17:36:34 Bike just cos it's one of the things ullman talks about without explaining.

17:39:21 drmeister Ah - I see where you are going with that. I'm jumping around the papers trying to find some insight while avoiding tackling Ullman's paper head on - it's nasty.

17:44:33 drmeister Ullman has a much more recent paper on the algorithm

18:06:57 drmeister Hmm, there is a vf2 implementation in boost::graph

19:24:26 selwyn hi all

19:44:46 selwyn drmeister: did you see this paper? linked to from the wiki page https://www.ncbi.nlm.nih.gov/pmc/articles/PMC3633016/ i found it well-written and it has a summary of the state of the art. the authors propose an algorithm 'RI' which always outperforms vf2

19:45:53 selwyn they maintain an implementation here https://github.com/InfOmics/RI-DS

21:57:05 selwyn i still get 'out of memory errors' when building cclasp in parallel.. it looks like serial is working. does anyone else still have problems?
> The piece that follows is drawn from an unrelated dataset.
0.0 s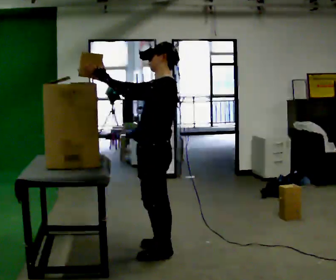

21:57:26 drmeister How much memory do you have?

21:57:32 drmeister 16GB?

21:58:09 selwyn yes 16gb

22:00:46 drmeister When you are building in parallel you can control the number of parallel processes that are run at the same time.

22:00:58 drmeister Try ./waf build_cboehm -j4

22:01:07 drmeister It may need a space between j and 4

22:01:17 selwyn ah had not thought of building with fewer *sigh*

23:25:47 selwyn it worked thanks very much. first time i started it up it complained Compile-error The variable LITERAL::*CONSTANT-DATUM-TO-LITERAL-NODE-CREATOR* is unbound. now it's fine..
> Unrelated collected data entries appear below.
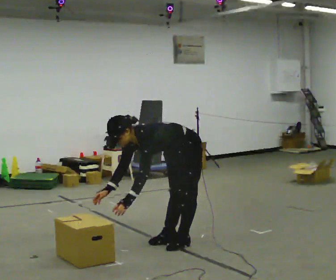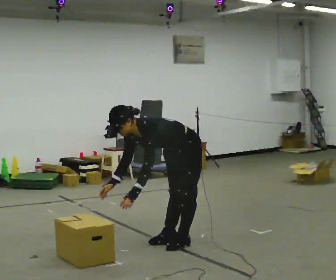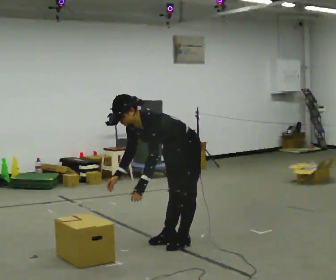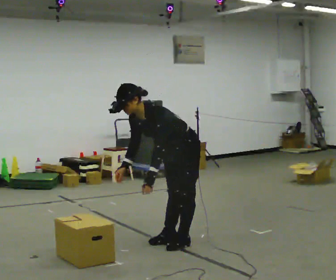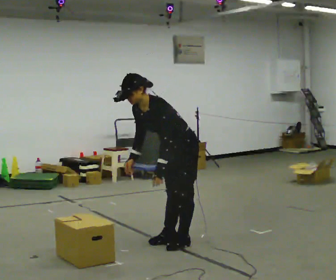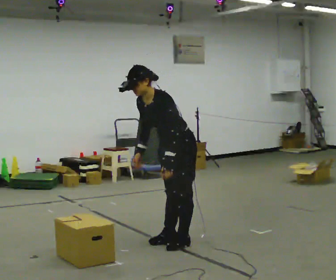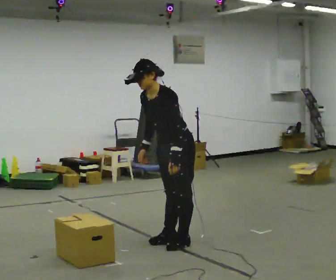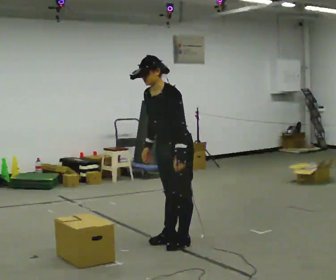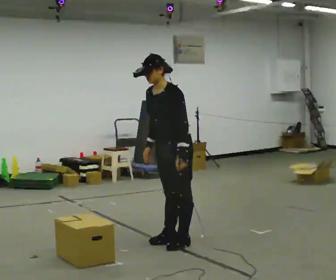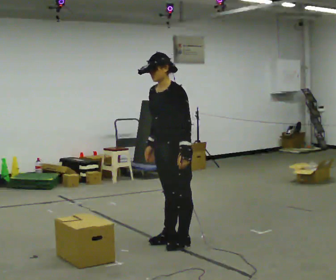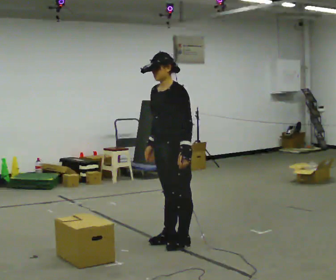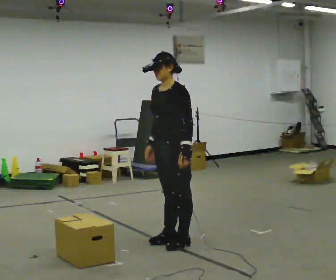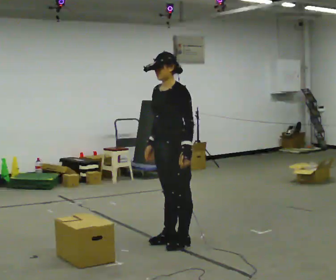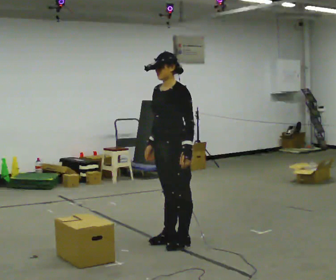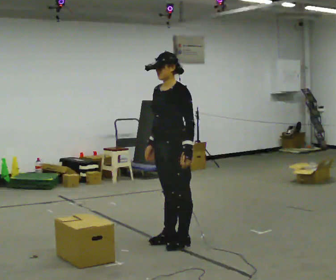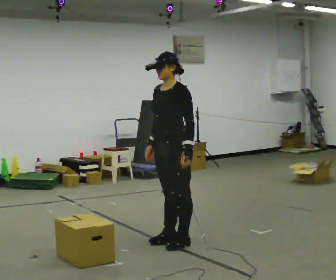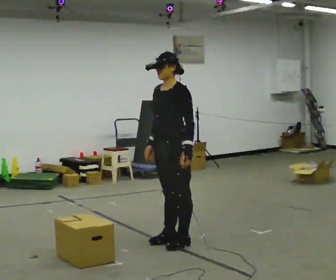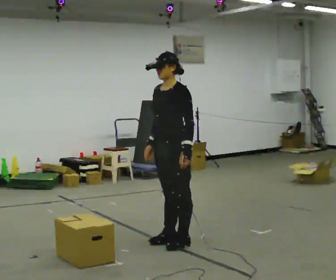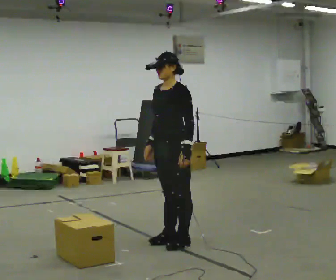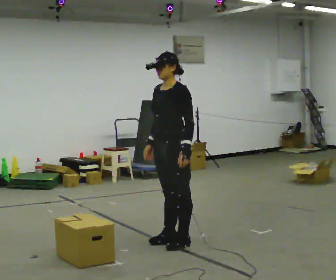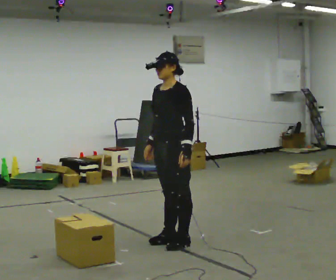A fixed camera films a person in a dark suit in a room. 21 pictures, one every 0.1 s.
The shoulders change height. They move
upward.
The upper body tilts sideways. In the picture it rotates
clockwise.
0.0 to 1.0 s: The upper body goes upward. In the picture the upper body tilts clockwise, shoulders to the right, as they lean back or straighten. In the picture their left hand goes to the right and upward.
1.0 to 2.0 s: The person moves a little, or ends about where they began.
The film runs backward here.

23:26:40 drmeister I've been working with Martin all day on the distributor and fixing problems with the TI calculations - I think I got it working now.

23:27:09 drmeister We are running calculations on a combination of AWS spot instances and my desktop GPU card. It's working nicely now.

23:27:29 drmeister It involves 132 GPU accelerated jobs to run one calculation.

23:27:52 drmeister https://usercontent.irccloud-cdn.com/file/CvMA0ZvB/graph.dot.pdf

23:28:19 drmeister It's running all of the yellow ellipses - most of them are GPU accelerated Amber.

23:28:39 drmeister I also got boost::graph hooked into Cando.

23:28:57 drmeister So I can punt understanding the VF2 algorithm and just use the boost::graph implementation.

23:29:12 drmeister There is a bunch of other useful stuff in boost::graph that I have wanted to use for a while.

23:32:58 selwyn the cl-vulkan example works!

23:33:28 drmeister Cool!

23:34:05 selwyn is there an obvious reason why building should require more memory after these recent changes?

23:34:19 drmeister No.

23:34:29 drmeister How recent?

23:35:16 selwyn um one week or so, since the introduction of ast-interpreter

23:35:32 drmeister It's hard to say.

23:35:44 drmeister The boehm GC doesn't give back memory to the OS.

23:36:51 drmeister Bah - I don't want to speculate. Watch with top and see what happens.

23:37:28 drmeister The parallelism uses 'fork' - so the main process is forking off children - they compile one source file and then die, taking their memory with them.

23:41:19 selwyn hm. i am going to bed now, will have to wait another day to try it out

23:43:16 drmeister Ok, good night.

1:14:29 drmeister We got the "right" answer for the free energy perturbation calculation.

1:14:53 drmeister I had some small errors in how some of the calculations were being done - they essentially were running backwards.

1:15:13 drmeister usha: Are you online?

3:42:18 beach Good morning everyone!